[ABOUT THIS EXERCISE]: Run through the records and, wherever a line holds the word "final", return that line.

[THE DATA]:
-- -- --

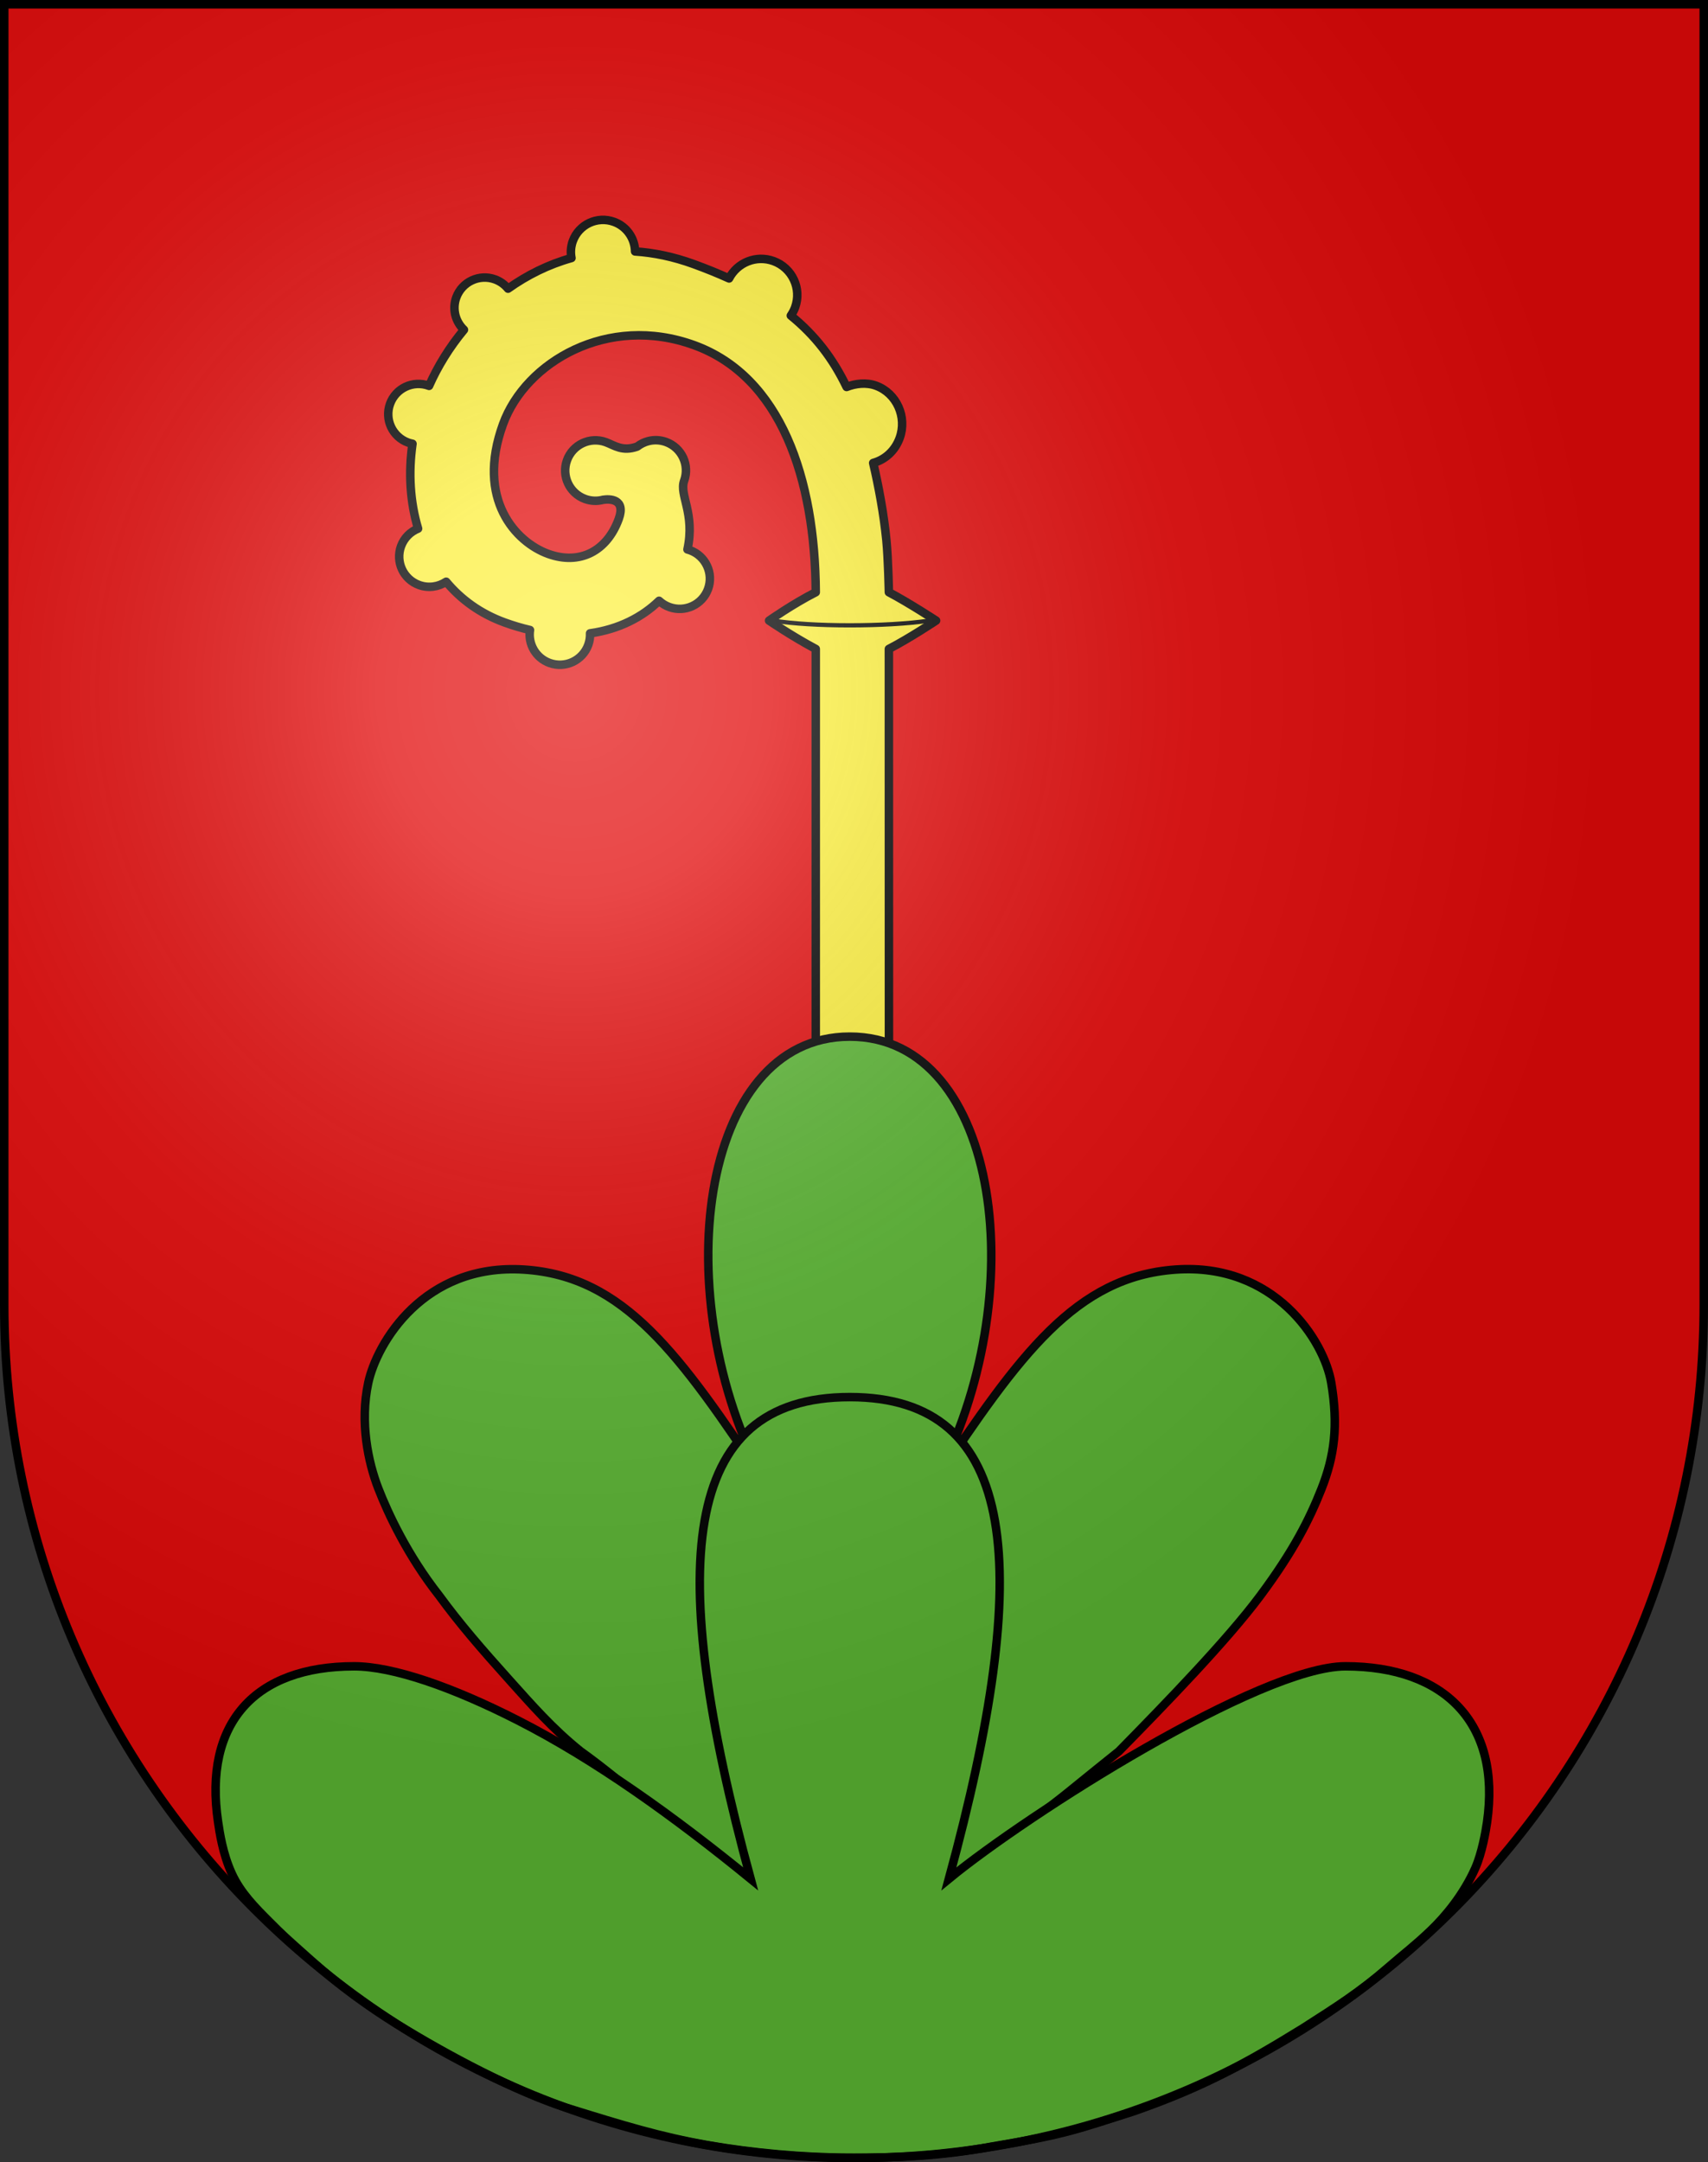<?xml version="1.0" encoding="UTF-8" standalone="no"?>
<svg xmlns:dc="http://purl.org/dc/elements/1.1/" xmlns:cc="http://creativecommons.org/ns#" xmlns:rdf="http://www.w3.org/1999/02/22-rdf-syntax-ns#" xmlns:svg="http://www.w3.org/2000/svg" xmlns="http://www.w3.org/2000/svg" xmlns:xlink="http://www.w3.org/1999/xlink" xmlns:sodipodi="http://sodipodi.sourceforge.net/DTD/sodipodi-0.dtd" xmlns:inkscape="http://www.inkscape.org/namespaces/inkscape" height="763" width="603" version="1.0" id="svg20" sodipodi:version="0.32" inkscape:version="0.48.0 r9654" sodipodi:docname="Frienisberg BE-coat_of_arms.svg" inkscape:output_extension="org.inkscape.output.svg.inkscape">
  <rect width="100%" height="100%" fill="#333333" stroke="none"/>
  <title id="title3820">Frienisberg BE - Coat of arms</title>
  <defs id="defs29">
    <inkscape:perspective sodipodi:type="inkscape:persp3d" inkscape:vp_x="0 : 381.5 : 1" inkscape:vp_y="0 : 1000 : 0" inkscape:vp_z="603 : 381.5 : 1" inkscape:persp3d-origin="301.5 : 254.33333 : 1" id="perspective5149" />
    <linearGradient id="linearGradient2893">
      <stop style="stop-color:#ffffff;stop-opacity:0.314;" offset="0" id="stop2895" />
      <stop id="stop2897" offset="0.19" style="stop-color:#ffffff;stop-opacity:0.251;" />
      <stop style="stop-color:#6b6b6b;stop-opacity:0.125;" offset="0.6" id="stop2901" />
      <stop style="stop-color:#000000;stop-opacity:0.125;" offset="1" id="stop2899" />
    </linearGradient>
    <radialGradient inkscape:collect="always" xlink:href="#linearGradient2893" id="radialGradient3236" gradientUnits="userSpaceOnUse" gradientTransform="matrix(1.215,0,0,1.267,-839.692,-490.989)" cx="858.042" cy="579.933" fx="858.042" fy="579.933" r="300" />
    <inkscape:perspective id="perspective5197" inkscape:persp3d-origin="372.04724 : 350.78739 : 1" inkscape:vp_z="744.09448 : 526.18109 : 1" inkscape:vp_y="0 : 1000 : 0" inkscape:vp_x="0 : 526.18109 : 1" sodipodi:type="inkscape:persp3d" />
    <inkscape:perspective id="perspective8046" inkscape:persp3d-origin="372.04724 : 350.78739 : 1" inkscape:vp_z="744.09448 : 526.18109 : 1" inkscape:vp_y="0 : 1000 : 0" inkscape:vp_x="0 : 526.18109 : 1" sodipodi:type="inkscape:persp3d" />
    <inkscape:perspective id="perspective9383" inkscape:persp3d-origin="372.04724 : 350.78739 : 1" inkscape:vp_z="744.09448 : 526.18109 : 1" inkscape:vp_y="0 : 1000 : 0" inkscape:vp_x="0 : 526.18109 : 1" sodipodi:type="inkscape:persp3d" />
    <inkscape:perspective id="perspective9513" inkscape:persp3d-origin="372.04724 : 350.78739 : 1" inkscape:vp_z="744.09448 : 526.18109 : 1" inkscape:vp_y="0 : 1000 : 0" inkscape:vp_x="0 : 526.18109 : 1" sodipodi:type="inkscape:persp3d" />
    <inkscape:perspective id="perspective9597" inkscape:persp3d-origin="372.04724 : 350.78739 : 1" inkscape:vp_z="744.09448 : 526.18109 : 1" inkscape:vp_y="0 : 1000 : 0" inkscape:vp_x="0 : 526.18109 : 1" sodipodi:type="inkscape:persp3d" />
    <inkscape:perspective id="perspective9760" inkscape:persp3d-origin="372.04724 : 350.78739 : 1" inkscape:vp_z="744.09448 : 526.18109 : 1" inkscape:vp_y="0 : 1000 : 0" inkscape:vp_x="0 : 526.18109 : 1" sodipodi:type="inkscape:persp3d" />
    <inkscape:perspective id="perspective9857" inkscape:persp3d-origin="372.04724 : 350.78739 : 1" inkscape:vp_z="744.09448 : 526.18109 : 1" inkscape:vp_y="0 : 1000 : 0" inkscape:vp_x="0 : 526.18109 : 1" sodipodi:type="inkscape:persp3d" />
    <inkscape:perspective id="perspective5219" inkscape:persp3d-origin="372.04724 : 350.78739 : 1" inkscape:vp_z="744.09448 : 526.18109 : 1" inkscape:vp_y="0 : 1000 : 0" inkscape:vp_x="0 : 526.18109 : 1" sodipodi:type="inkscape:persp3d" />
    <inkscape:perspective id="perspective6677" inkscape:persp3d-origin="372.04724 : 350.78739 : 1" inkscape:vp_z="744.09448 : 526.18109 : 1" inkscape:vp_y="0 : 1000 : 0" inkscape:vp_x="0 : 526.18109 : 1" sodipodi:type="inkscape:persp3d" />
    <inkscape:perspective id="perspective4201" inkscape:persp3d-origin="372.04724 : 350.78739 : 1" inkscape:vp_z="744.09448 : 526.18109 : 1" inkscape:vp_y="0 : 1000 : 0" inkscape:vp_x="0 : 526.18109 : 1" sodipodi:type="inkscape:persp3d" />
    <inkscape:perspective id="perspective11201" inkscape:persp3d-origin="372.04724 : 350.78739 : 1" inkscape:vp_z="744.09448 : 526.18109 : 1" inkscape:vp_y="0 : 1000 : 0" inkscape:vp_x="0 : 526.18109 : 1" sodipodi:type="inkscape:persp3d" />
    <inkscape:perspective id="perspective10423" inkscape:persp3d-origin="372.04724 : 350.78739 : 1" inkscape:vp_z="744.09448 : 526.18109 : 1" inkscape:vp_y="0 : 1000 : 0" inkscape:vp_x="0 : 526.18109 : 1" sodipodi:type="inkscape:persp3d" />
  </defs>
  <sodipodi:namedview inkscape:window-height="753" inkscape:window-width="1280" inkscape:pageshadow="2" inkscape:pageopacity="0.0" guidetolerance="10.0" gridtolerance="10.0" objecttolerance="10.0" borderopacity="1.0" bordercolor="#666666" pagecolor="#ffffff" id="base" inkscape:zoom="0.69411098" inkscape:cx="433.96275" inkscape:cy="379.1288" inkscape:window-x="-2" inkscape:window-y="24" inkscape:current-layer="svg20" showgrid="true" showguides="true" inkscape:guide-bbox="true" inkscape:window-maximized="1">
    <inkscape:grid type="xygrid" id="grid5151" />
  </sodipodi:namedview>
  <desc id="desc22">Coat of arms of canton of Berne (Bern)</desc>
  <g inkscape:groupmode="layer" id="layer1" inkscape:label="Fond écu" style="display:inline" sodipodi:insensitive="true">
    <path id="path1899" d="m 1.5,1.5 0,458.868 C 1.5,626.678 135.815,761.5 301.5,761.5 467.185,761.5 601.5,626.678 601.5,460.368 l 0,-458.868 -600,0 z" style="fill:#e20909;fill-opacity:1" inkscape:connector-curvature="0" />
    <path id="path2534" d="m 257.396,98.256 c -3.872,-1.759 -8.033,-3.444 -12.511,-5.074 -7.112,-2.588 -14.023,-4.013 -20.672,-4.452 -0.083,-4.554 -2.914,-8.799 -7.45,-10.45 -5.884,-2.142 -12.39,0.892 -14.532,6.777 -0.725,1.991 -0.845,4.051 -0.474,5.991 -8.169,2.282 -15.69,6.039 -22.396,10.815 -1.174,-1.438 -2.73,-2.596 -4.601,-3.277 -5.536,-2.015 -11.657,0.839 -13.672,6.375 -1.502,4.126 -0.296,8.575 2.706,11.409 -5.104,6.141 -9.265,12.885 -12.317,19.794 -0.033,-0.012 -0.063,-0.028 -0.096,-0.04 -5.536,-2.015 -11.657,0.839 -13.672,6.375 -2.015,5.537 0.84,11.657 6.375,13.672 0.51,0.186 1.027,0.316 1.544,0.421 -1.477,10.262 -0.85,20.584 1.975,29.94 -2.701,1.095 -4.95,3.274 -6.026,6.229 -2.015,5.537 0.84,11.657 6.375,13.672 3.316,1.207 6.836,0.657 9.563,-1.16 5.208,6.247 12.044,11.251 20.593,14.362 3.085,1.123 6.088,2.009 9.003,2.681 -0.75,4.922 2.04,9.852 6.899,11.62 5.536,2.015 11.657,-0.839 13.672,-6.375 0.491,-1.348 0.687,-2.731 0.632,-4.08 10.182,-1.406 18.462,-5.741 24.369,-11.484 1.016,0.947 2.235,1.71 3.623,2.216 5.536,2.015 11.657,-0.839 13.672,-6.375 2.015,-5.537 -0.84,-11.657 -6.375,-13.672 -0.298,-0.108 -0.599,-0.196 -0.901,-0.277 2.777,-12.741 -2.989,-19.249 -1.171,-24.244 2.015,-5.537 -0.84,-11.657 -6.375,-13.672 -2.088,-0.76 -4.26,-0.826 -6.262,-0.318 l 0,0 c -3.4e-4,9.4e-4 -0.001,6e-4 -0.002,0.002 -1.431,0.364 -2.77,1.028 -3.936,1.935 -5.265,1.867 -8.029,-0.45 -11.101,-1.568 -5.536,-2.015 -11.657,0.839 -13.672,6.375 -2.015,5.537 0.84,11.657 6.375,13.672 2.122,0.772 4.327,0.824 6.356,0.289 l -3.4e-4,9.3e-4 0.011,-0.003 c 2.263,-0.342 8.131,-0.408 5.513,6.785 -4.104,11.276 -13.682,16.392 -24.958,12.288 -11.276,-4.104 -25.575,-19.152 -15.884,-45.776 7.98,-21.926 36.97,-38.955 67.51,-27.839 30.54,11.116 42.65,46.91 42.894,87.172 l 0,0 c -8.102,4.115 -16.486,10.005 -16.486,10.005 0,0 7.996,5.481 16.486,10.005 l -0.006,305.377 25.877,0 L 313.811,229 c 7.462,-3.867 16.67,-10.005 16.67,-10.005 0,0 -9.689,-6.339 -16.67,-10.005 0,0 -0.212,-11.584 -0.883,-18.412 -0.903,-9.181 -2.747,-19.079 -4.657,-27.21 4.267,-1.18 7.724,-4.325 9.354,-8.805 2.678,-7.357 -1.016,-15.789 -8.371,-18.466 -3.395,-1.236 -7.25,-0.779 -10.364,0.456 -4.843,-10.077 -11.135,-18.246 -19.694,-25.19 0.608,-0.879 1.126,-1.839 1.508,-2.889 2.41,-6.621 -1.004,-13.94 -7.624,-16.35 -6.1,-2.22 -12.784,0.511 -15.683,6.132 z" style="fill:#fcef3c;stroke:black;stroke-width:3;stroke-linecap:round;stroke-linejoin:round" inkscape:connector-curvature="0" sodipodi:nodetypes="cscssccssccsssccsscscssccssscssccccssscccsssscccccccccscssccsscc" />
    <path inkscape:connector-curvature="0" style="fill:#5ab532;fill-opacity:1;fill-rule:evenodd;stroke:black;stroke-width:3;stroke-miterlimit:4;stroke-opacity:1;stroke-dasharray:none;display:inline" d="M 205,618 C 195,610 187.74,601.59 180,593 170.055,581.95 162.29,572.979 155,563 144,549 137.044,534.261 133.522,525.131 130,516 127,502 130,488 c 3,-14 19.541,-42.288 55,-40 35.459,2.288 55,30 85,75 -35,-65 -23.346,-157.2 30,-157.2 53.346,0 65,92.2 30,157.2 30,-45 49.735,-72.481 85,-75 34.911,-2.494 52.5,25 55,40 2.5,15 1.167,25.734 -3.5,37.5 -4.222,10.645 -9.763,21.707 -21.5,37.5 -11.737,15.793 -33.76,38.463 -50,55 -25,20 -13.972,11.813 -45,35 -15.121,11.108 -32.459,24.784 -50,25 -20,0 -34.481,-14.225 -50,-25 -15,-10 -29.577,-23.979 -45,-35 z" id="path2961-0" sodipodi:nodetypes="ccczzzcacszszccccc" />
    <path inkscape:connector-curvature="0" style="fill:#5ab532;fill-opacity:1;fill-rule:evenodd;stroke:black;stroke-width:3;stroke-miterlimit:4;stroke-opacity:1;stroke-dasharray:none" d="M 250,757 C 233,754 220,750 200,743.8 182,738 158.212,725.405 140,714.2 130,708 119.963,700.767 110,691.9 100,683 100,683 95,678 90.18,673.18 85,668 81.9,661.29 78.61,654.168 77.537,646.58 77,643 c -5.248,-34.964 13,-55 48,-55 13.733,0 34.801,7.334 57.926,19.125 C 210.319,621.092 238,641 265,663 235,553 240,493 300,493 c 60,0 65,60 35,170 28,-23 110,-75 140,-75 35,0 55,20 50,55 -0.458,3.207 -1.803,10.91 -4.144,16.19 -4.138,9.332 -10.606,17.122 -15.856,22.11 -6,5.7 -9.185,7.941 -15,13 -10,8.7 -18,13.7 -30,21.4 -20,12.3 -35,20.741 -60,29.4 -20,6.308 -23,7.9 -50,12.4 -18,3.4 -34.565,3.978 -50,3.9 -16.571,-0.024 -34.646,-1.74 -50,-4.4 z" id="path2961" sodipodi:nodetypes="cccsssscsccccssssccccc" />
    <path style="fill:none;stroke:black;stroke-width:1.5;stroke-linecap:butt;stroke-linejoin:miter;stroke-miterlimit:4;stroke-opacity:1;stroke-dasharray:none" d="M 273.152,219 C 286.202,221.218 313.374,221.219 328,219" id="path3016" inkscape:connector-curvature="0" sodipodi:nodetypes="cc" />
  </g>
  <g inkscape:groupmode="layer" id="layer2" inkscape:label="Meubles" style="display:inline" sodipodi:insensitive="true">
    <path d="" style="fill:none;stroke:black;stroke-width:4.275;stroke-miterlimit:4;stroke-opacity:1;stroke-dasharray:none" id="path5257" sodipodi:nodetypes="cc" inkscape:connector-curvature="0" />
  </g>
  <g inkscape:groupmode="layer" id="layer3" inkscape:label="Reflet final" style="display:inline" sodipodi:insensitive="true">
    <path style="fill:url(#radialGradient3236);fill-opacity:1" d="M 1,1 1,459.868 C 1,626.179 135.315,761 301,761 466.685,761 601,626.179 601,459.868 L 601,1 1,1 z" id="path2346" inkscape:connector-curvature="0" />
  </g>
  <g inkscape:groupmode="layer" id="layer4" inkscape:label="Contour final" style="display:inline" sodipodi:insensitive="true">
    <path style="fill:none;stroke:black;stroke-width:3;stroke-miterlimit:4;stroke-opacity:1;stroke-dasharray:none" d="m 1.5,1.5 0,458.868 C 1.5,626.679 135.815,761.5 301.5,761.5 467.185,761.5 601.5,626.679 601.5,460.368 L 601.5,1.5 1.5,1.5 z" id="path3239" inkscape:connector-curvature="0" />
  </g>
</svg>

-- -- --

[TASK OUTPUT]:
  <g inkscape:groupmode="layer" id="layer3" inkscape:label="Reflet final" style="display:inline" sodipodi:insensitive="true">
  <g inkscape:groupmode="layer" id="layer4" inkscape:label="Contour final" style="display:inline" sodipodi:insensitive="true">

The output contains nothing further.